▶ [What you need to do]: Omit every picture and output the rest of the records exactly as they are.

▶ [Provided material]:
_____
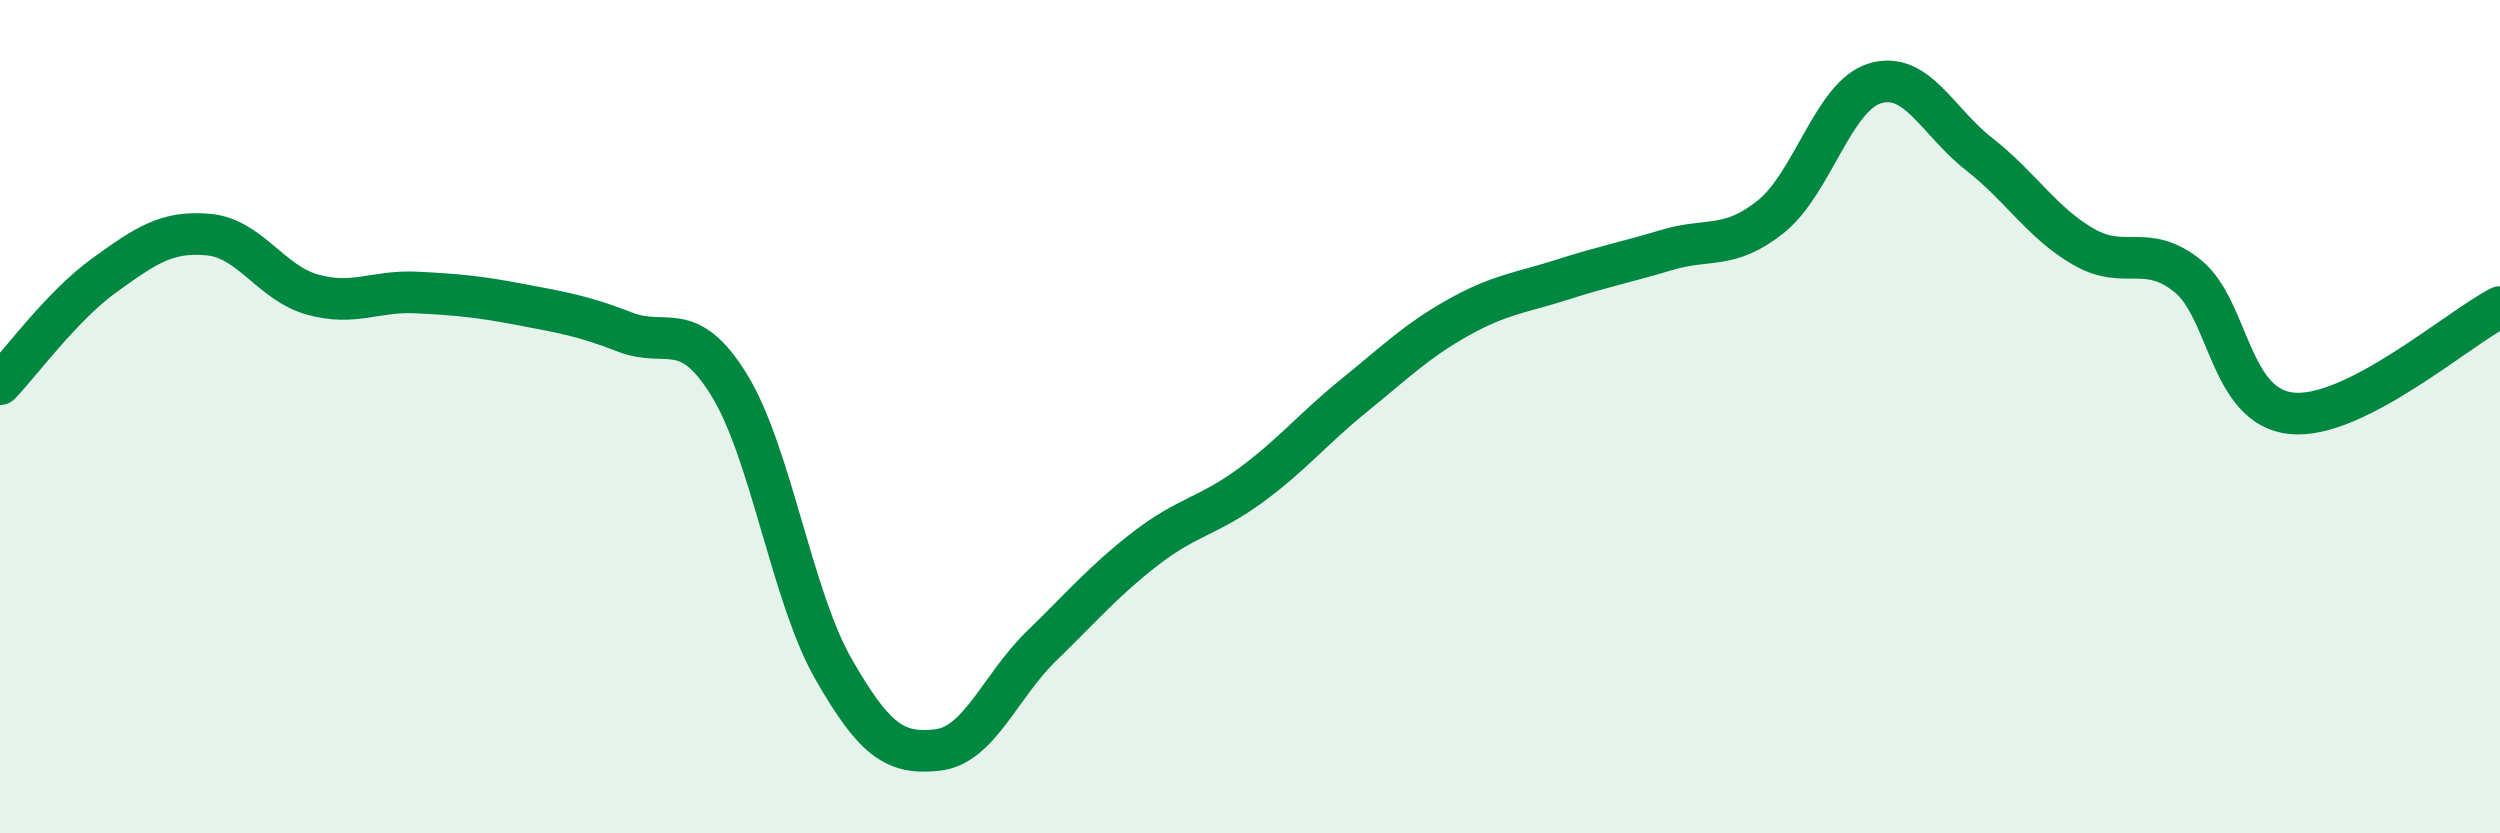 
    <svg width="60" height="20" viewBox="0 0 60 20" xmlns="http://www.w3.org/2000/svg">
      <path
        d="M 0,9.22 C 0.5,8.7 1.5,7.33 2.5,6.61 C 3.5,5.89 4,5.54 5,5.63 C 6,5.72 6.5,6.79 7.5,7.07 C 8.5,7.35 9,6.97 10,7.02 C 11,7.07 11.5,7.12 12.5,7.31 C 13.5,7.5 14,7.58 15,7.97 C 16,8.36 16.5,7.62 17.5,9.24 C 18.5,10.86 19,14.3 20,16.05 C 21,17.8 21.5,18.11 22.5,18 C 23.5,17.89 24,16.47 25,15.5 C 26,14.53 26.5,13.93 27.5,13.16 C 28.5,12.39 29,12.39 30,11.66 C 31,10.93 31.5,10.3 32.5,9.49 C 33.5,8.68 34,8.18 35,7.62 C 36,7.06 36.5,7.03 37.5,6.71 C 38.5,6.39 39,6.3 40,6 C 41,5.7 41.5,6 42.5,5.2 C 43.5,4.4 44,2.3 45,2 C 46,1.7 46.5,2.92 47.5,3.7 C 48.5,4.48 49,5.34 50,5.92 C 51,6.5 51.5,5.82 52.5,6.62 C 53.5,7.42 53.5,9.77 55,9.92 C 56.5,10.07 59,7.88 60,7.37L60 20L0 20Z"
        fill="#008740"
        opacity="0.1"
        stroke-linecap="round"
        stroke-linejoin="round"
      />
      <path
        d="M 0,9.22 C 0.5,8.7 1.5,7.33 2.5,6.61 C 3.5,5.89 4,5.54 5,5.63 C 6,5.72 6.5,6.79 7.5,7.07 C 8.5,7.35 9,6.97 10,7.02 C 11,7.07 11.5,7.12 12.5,7.31 C 13.5,7.5 14,7.58 15,7.97 C 16,8.36 16.5,7.62 17.5,9.24 C 18.5,10.86 19,14.3 20,16.05 C 21,17.8 21.5,18.11 22.5,18 C 23.5,17.89 24,16.47 25,15.5 C 26,14.53 26.5,13.93 27.5,13.16 C 28.5,12.39 29,12.39 30,11.66 C 31,10.93 31.5,10.3 32.5,9.49 C 33.5,8.68 34,8.18 35,7.62 C 36,7.06 36.5,7.03 37.5,6.71 C 38.5,6.39 39,6.3 40,6 C 41,5.7 41.5,6 42.5,5.2 C 43.5,4.4 44,2.3 45,2 C 46,1.7 46.5,2.92 47.5,3.7 C 48.5,4.48 49,5.34 50,5.92 C 51,6.5 51.5,5.82 52.5,6.62 C 53.5,7.42 53.5,9.77 55,9.92 C 56.5,10.07 59,7.88 60,7.37"
        stroke="#008740"
        stroke-width="1"
        fill="none"
        stroke-linecap="round"
        stroke-linejoin="round"
      />
    </svg>
_____
▶ [Answer]:
    <svg width="60" height="20" viewBox="0 0 60 20" xmlns="http://www.w3.org/2000/svg">
      <path
        d="M 0,9.22 C 0.5,8.7 1.5,7.33 2.5,6.61 C 3.5,5.89 4,5.54 5,5.63 C 6,5.72 6.5,6.79 7.5,7.07 C 8.5,7.35 9,6.97 10,7.02 C 11,7.07 11.5,7.12 12.5,7.31 C 13.5,7.5 14,7.58 15,7.97 C 16,8.36 16.5,7.62 17.5,9.24 C 18.5,10.86 19,14.3 20,16.05 C 21,17.8 21.5,18.11 22.5,18 C 23.5,17.89 24,16.47 25,15.5 C 26,14.53 26.5,13.93 27.5,13.16 C 28.5,12.39 29,12.39 30,11.66 C 31,10.93 31.5,10.3 32.5,9.49 C 33.5,8.68 34,8.18 35,7.62 C 36,7.06 36.5,7.03 37.5,6.71 C 38.5,6.39 39,6.3 40,6 C 41,5.7 41.5,6 42.5,5.2 C 43.5,4.4 44,2.3 45,2 C 46,1.7 46.5,2.92 47.5,3.7 C 48.5,4.48 49,5.34 50,5.92 C 51,6.5 51.5,5.82 52.5,6.62 C 53.5,7.42 53.5,9.77 55,9.92 C 56.5,10.07 59,7.88 60,7.37L60 20L0 20Z"
        fill="#008740"
        opacity="0.1"
        stroke-linecap="round"
        stroke-linejoin="round"
      />
      <path
        d="M 0,9.22 C 0.5,8.7 1.5,7.33 2.5,6.61 C 3.5,5.89 4,5.54 5,5.63 C 6,5.72 6.5,6.79 7.5,7.07 C 8.5,7.35 9,6.97 10,7.02 C 11,7.07 11.5,7.12 12.5,7.31 C 13.5,7.5 14,7.58 15,7.97 C 16,8.36 16.5,7.62 17.5,9.24 C 18.5,10.86 19,14.3 20,16.05 C 21,17.8 21.5,18.11 22.5,18 C 23.5,17.89 24,16.47 25,15.5 C 26,14.53 26.5,13.93 27.5,13.16 C 28.5,12.39 29,12.39 30,11.66 C 31,10.93 31.5,10.3 32.5,9.49 C 33.5,8.68 34,8.18 35,7.62 C 36,7.06 36.5,7.03 37.5,6.71 C 38.5,6.39 39,6.3 40,6 C 41,5.7 41.5,6 42.5,5.2 C 43.5,4.4 44,2.3 45,2 C 46,1.7 46.5,2.92 47.5,3.7 C 48.5,4.48 49,5.34 50,5.92 C 51,6.5 51.5,5.82 52.5,6.62 C 53.5,7.42 53.5,9.77 55,9.92 C 56.5,10.07 59,7.88 60,7.37"
        stroke="#008740"
        stroke-width="1"
        fill="none"
        stroke-linecap="round"
        stroke-linejoin="round"
      />
    </svg>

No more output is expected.